***** Material provided

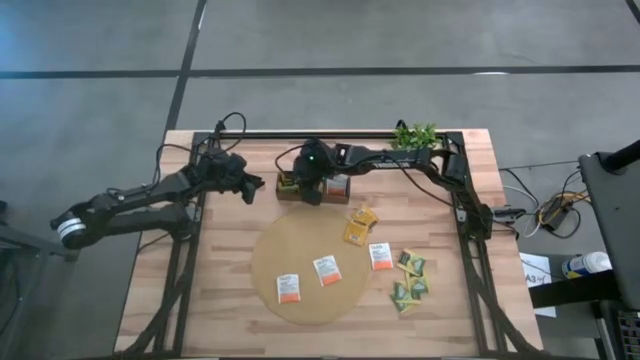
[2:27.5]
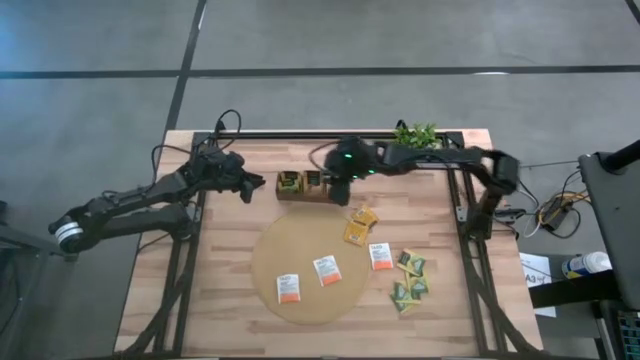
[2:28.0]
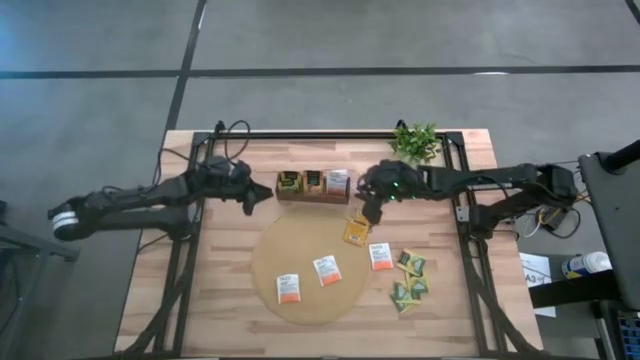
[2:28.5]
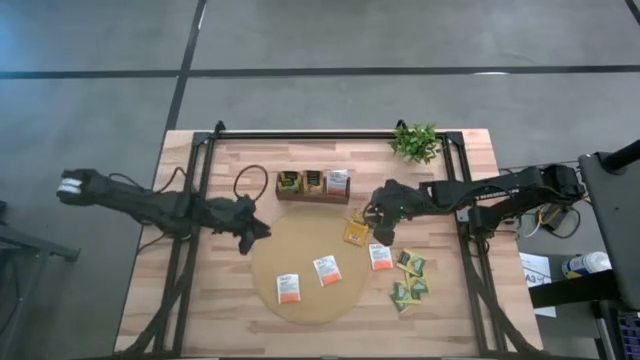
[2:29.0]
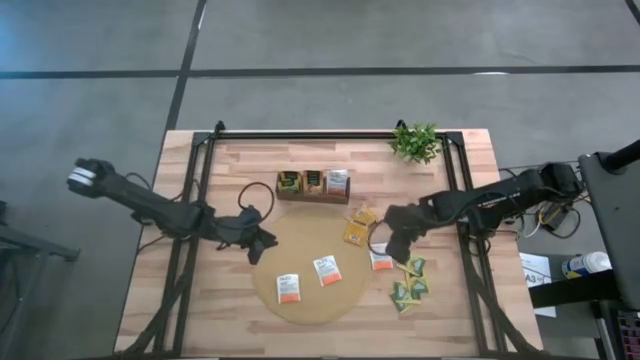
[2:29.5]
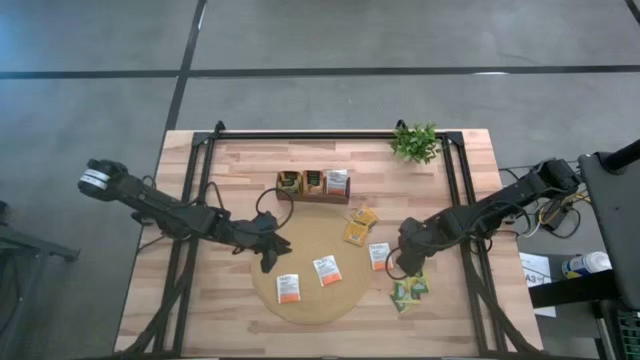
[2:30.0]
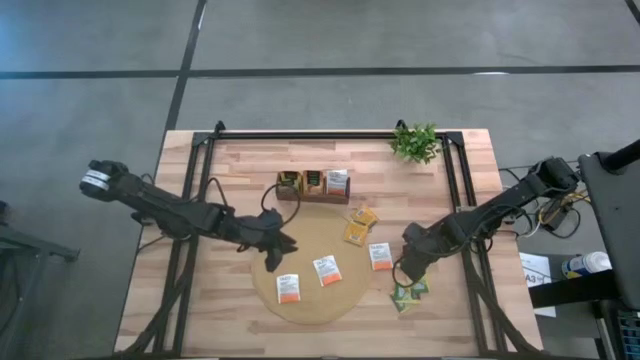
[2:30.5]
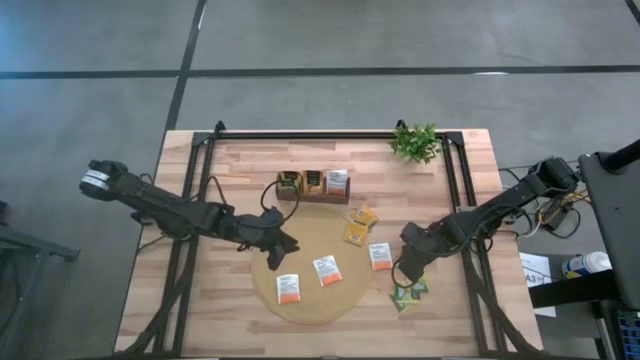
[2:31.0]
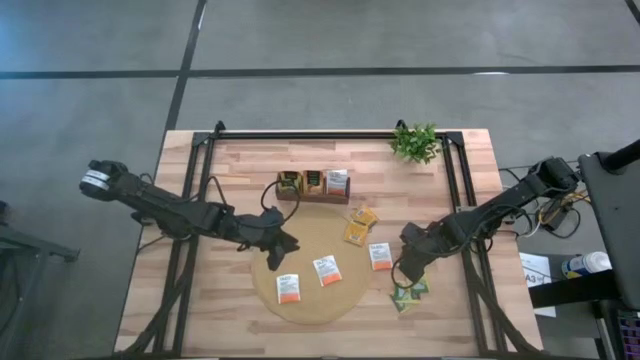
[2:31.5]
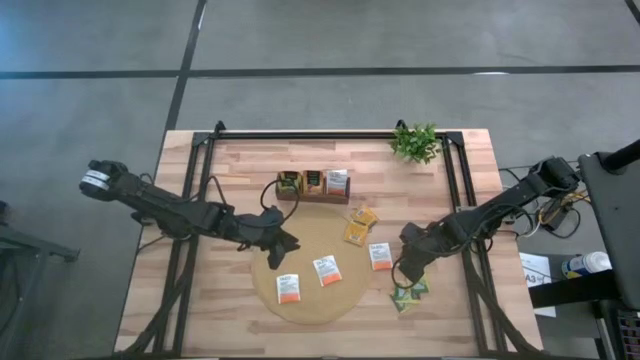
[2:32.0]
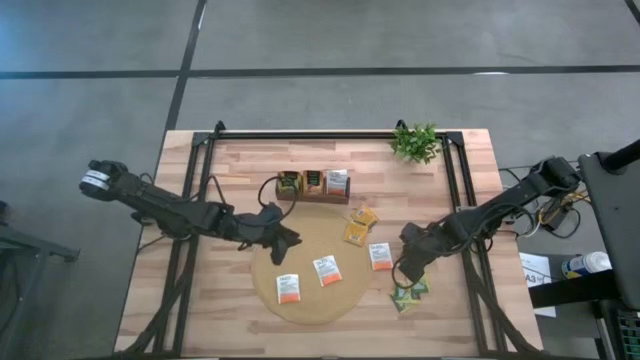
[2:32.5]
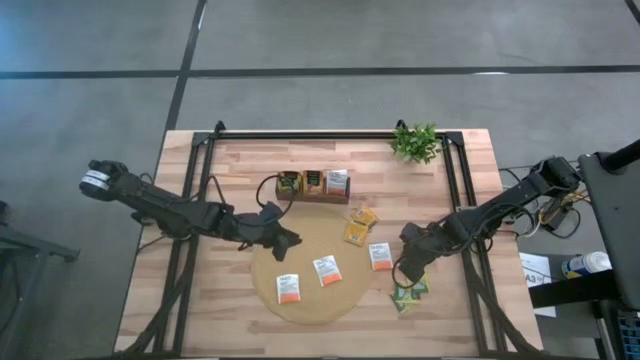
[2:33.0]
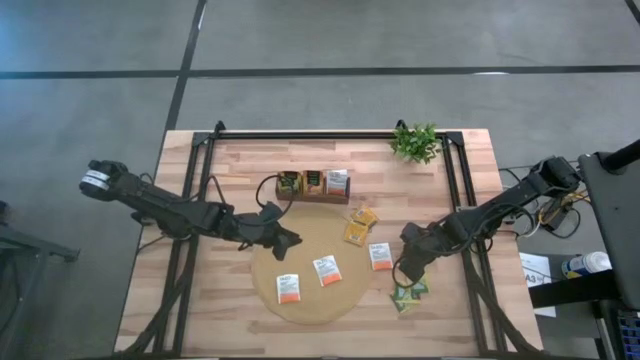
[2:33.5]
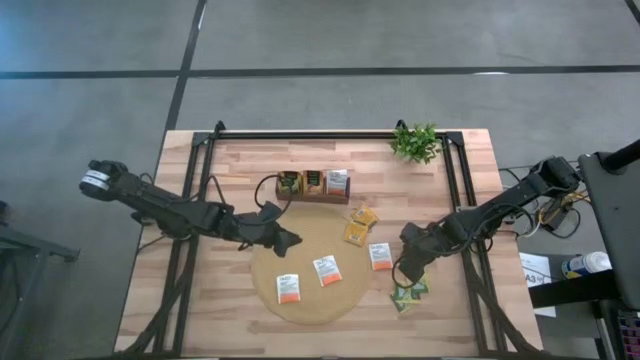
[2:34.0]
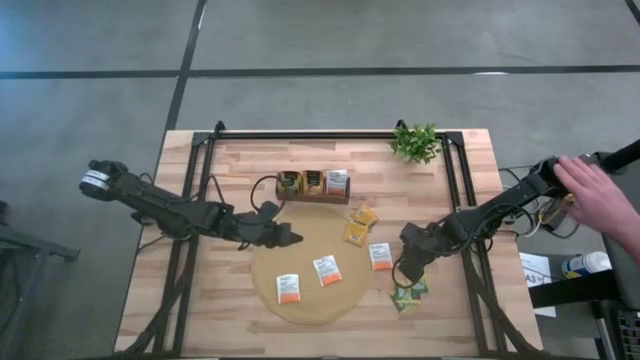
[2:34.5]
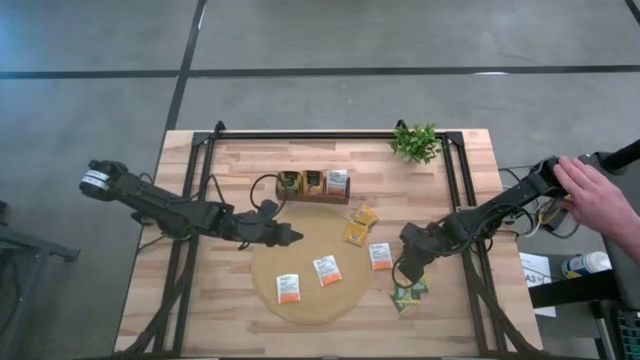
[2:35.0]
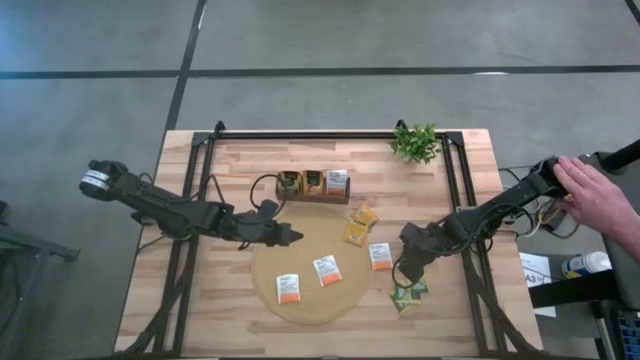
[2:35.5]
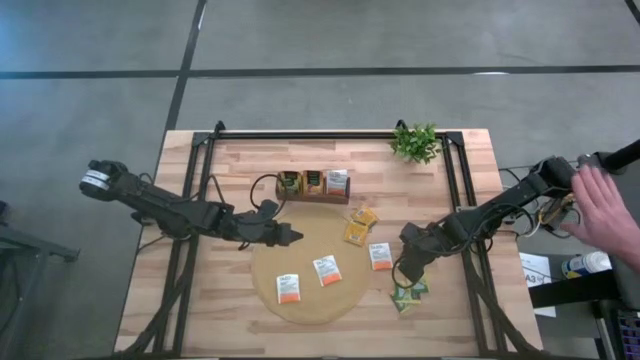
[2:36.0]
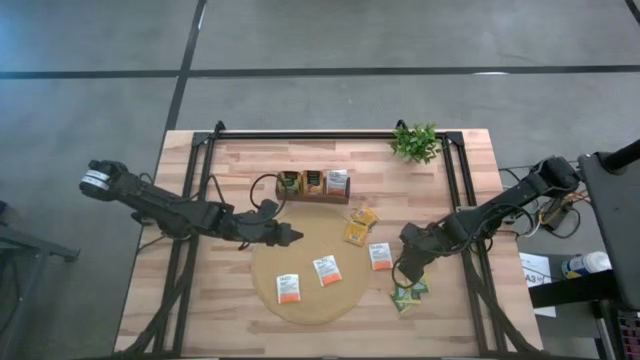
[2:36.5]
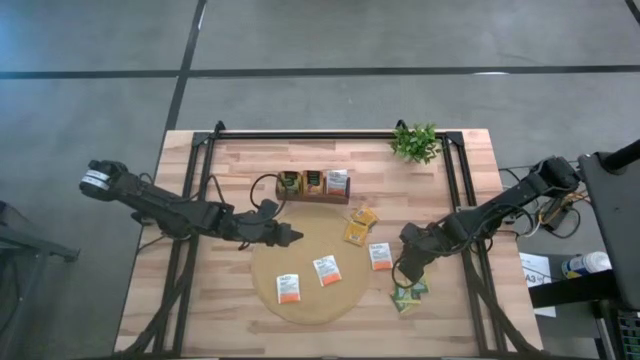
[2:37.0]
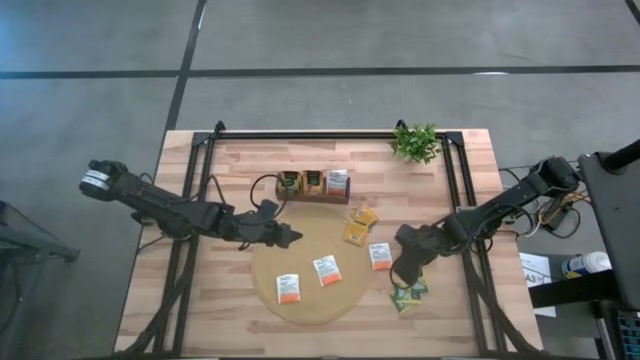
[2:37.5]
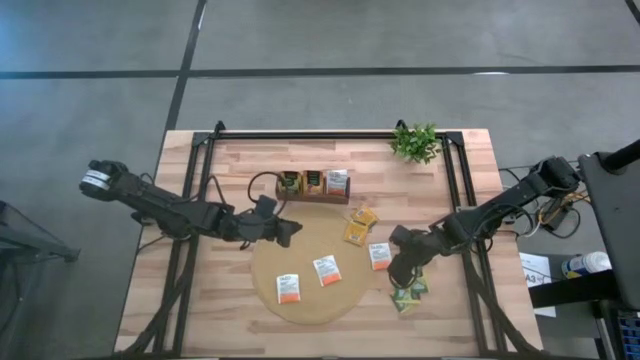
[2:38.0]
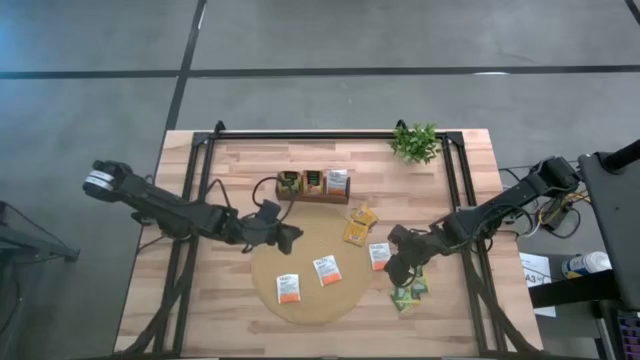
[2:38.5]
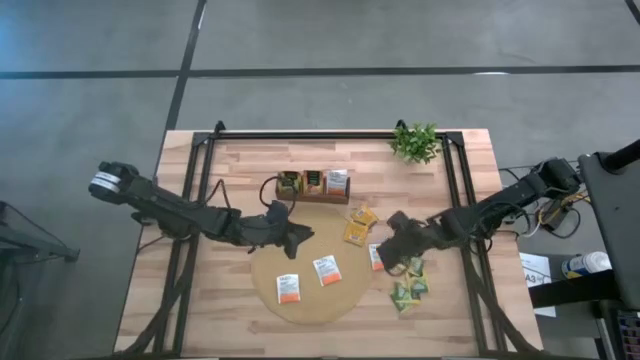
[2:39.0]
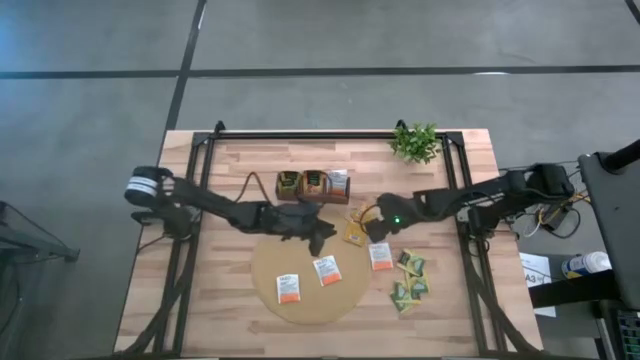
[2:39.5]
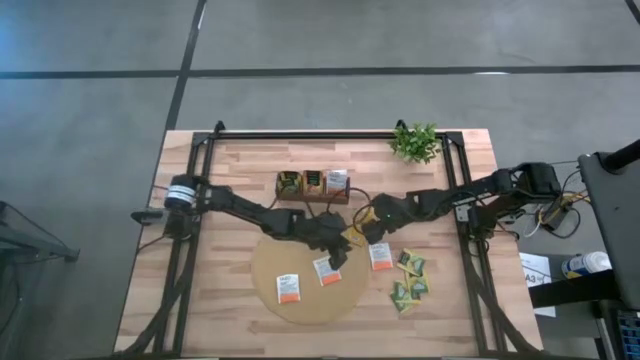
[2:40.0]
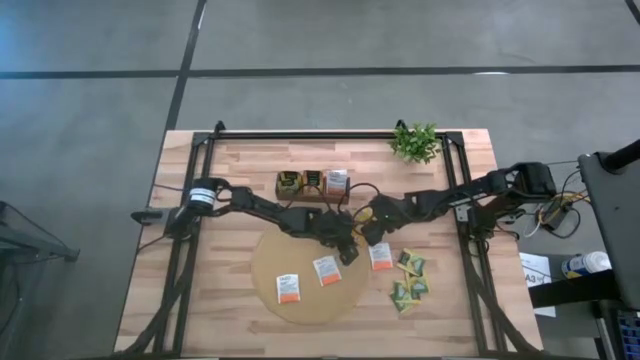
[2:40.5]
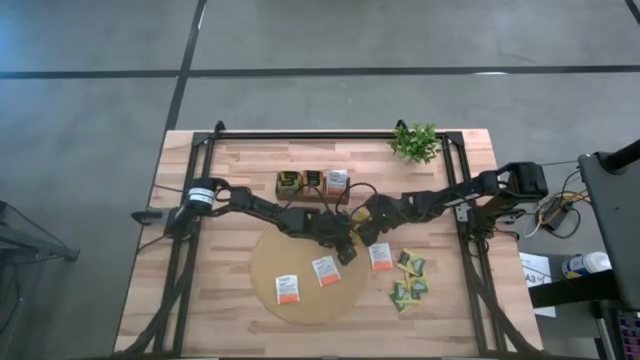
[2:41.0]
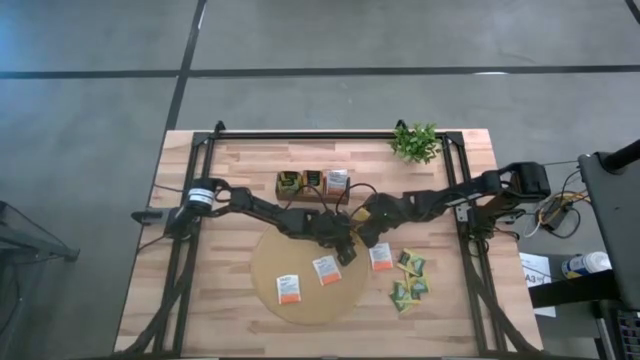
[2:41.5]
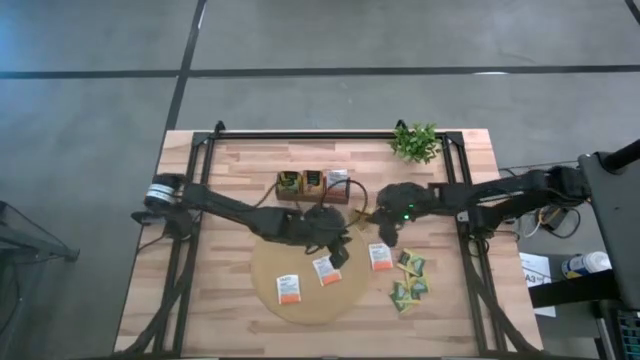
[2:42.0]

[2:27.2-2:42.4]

**********

## Instructions to follow
All of the material above needs to be restated exactly, with no pictures.

## Task answer
[2:27.5]
[2:28.0]
[2:28.5]
[2:29.0]
[2:29.5]
[2:30.0]
[2:30.5]
[2:31.0]
[2:31.5]
[2:32.0]
[2:32.5]
[2:33.0]
[2:33.5]
[2:34.0]
[2:34.5]
[2:35.0]
[2:35.5]
[2:36.0]
[2:36.5]
[2:37.0]
[2:37.5]
[2:38.0]
[2:38.5]
[2:39.0]
[2:39.5]
[2:40.0]
[2:40.5]
[2:41.0]
[2:41.5]
[2:42.0]

[2:27.2-2:42.4]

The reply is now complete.